_What you will do_
Word for word, copy the lines beginning at the one with "Recorded 1.1 seconds after image 1 was taken." and ending at the last line below; pictures stay out.
====
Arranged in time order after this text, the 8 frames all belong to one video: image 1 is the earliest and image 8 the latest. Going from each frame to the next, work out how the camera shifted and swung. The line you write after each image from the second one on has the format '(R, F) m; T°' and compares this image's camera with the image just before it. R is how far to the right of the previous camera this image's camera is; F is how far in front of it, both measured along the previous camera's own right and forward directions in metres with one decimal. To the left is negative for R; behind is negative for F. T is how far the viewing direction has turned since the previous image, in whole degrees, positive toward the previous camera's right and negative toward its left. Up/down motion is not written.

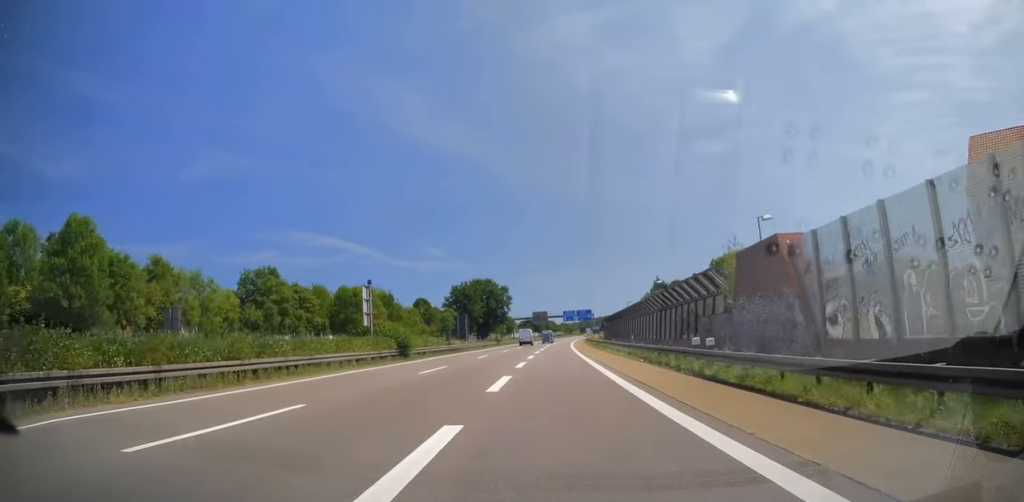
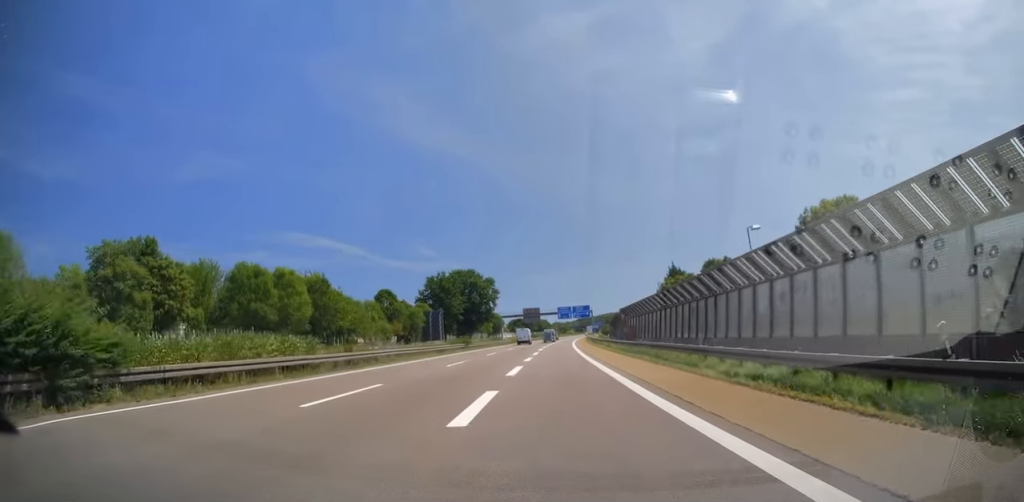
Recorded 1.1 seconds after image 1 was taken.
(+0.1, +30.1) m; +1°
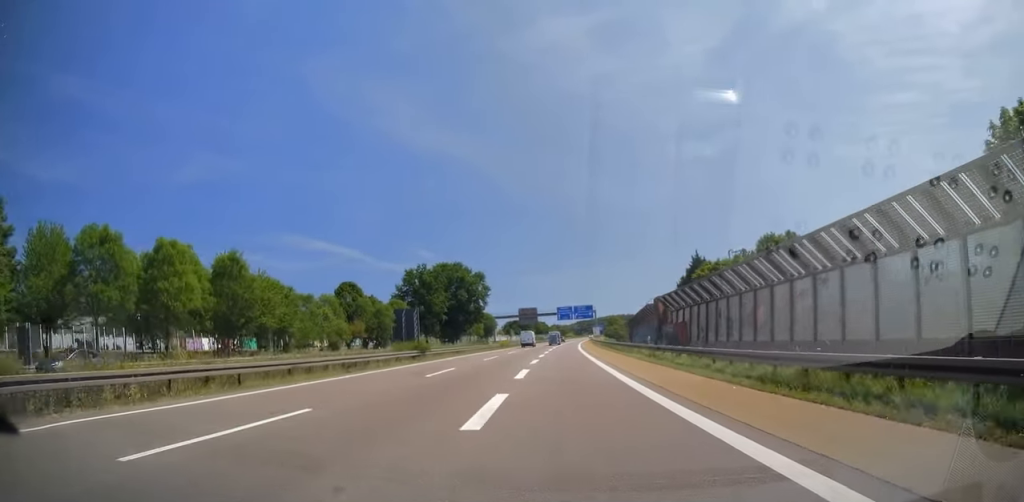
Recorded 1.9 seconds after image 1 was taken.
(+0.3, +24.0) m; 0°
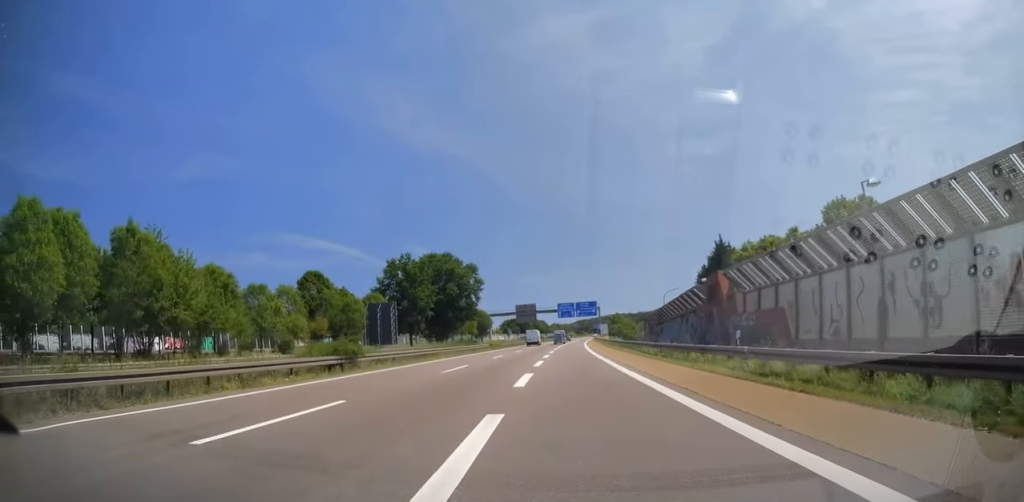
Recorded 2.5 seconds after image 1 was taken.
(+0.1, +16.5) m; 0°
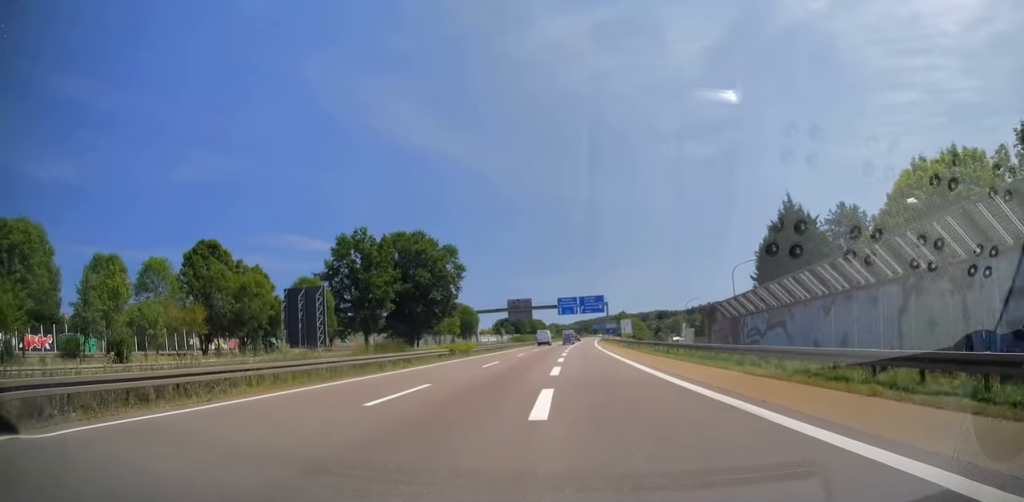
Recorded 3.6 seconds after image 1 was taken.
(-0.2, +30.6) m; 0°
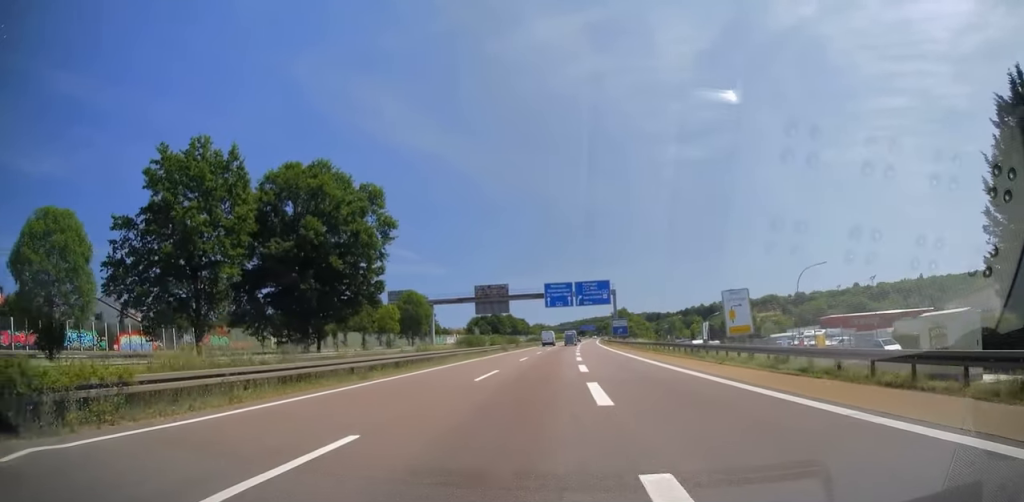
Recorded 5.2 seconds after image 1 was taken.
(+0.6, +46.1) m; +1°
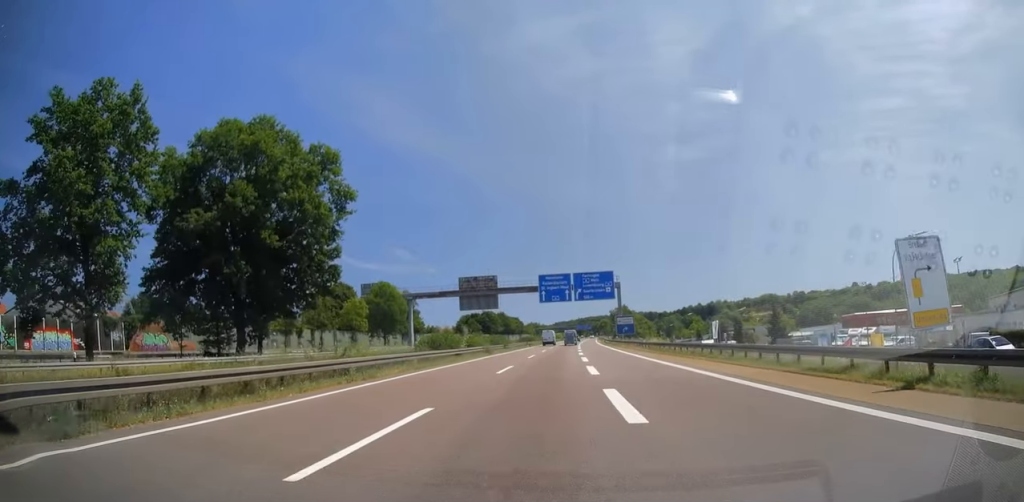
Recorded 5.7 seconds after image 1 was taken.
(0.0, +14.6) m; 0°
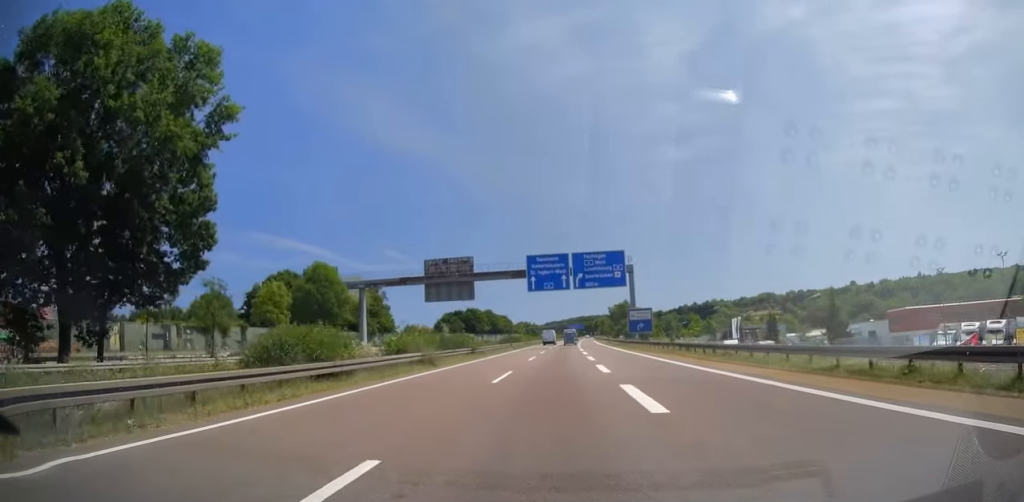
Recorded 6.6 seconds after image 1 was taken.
====
_Answer for this exercise_
Recorded 1.1 seconds after image 1 was taken.
(+0.1, +30.1) m; +1°
Recorded 1.9 seconds after image 1 was taken.
(+0.3, +24.0) m; 0°
Recorded 2.5 seconds after image 1 was taken.
(+0.1, +16.5) m; 0°
Recorded 3.6 seconds after image 1 was taken.
(-0.2, +30.6) m; 0°
Recorded 5.2 seconds after image 1 was taken.
(+0.6, +46.1) m; +1°
Recorded 5.7 seconds after image 1 was taken.
(0.0, +14.6) m; 0°
Recorded 6.6 seconds after image 1 was taken.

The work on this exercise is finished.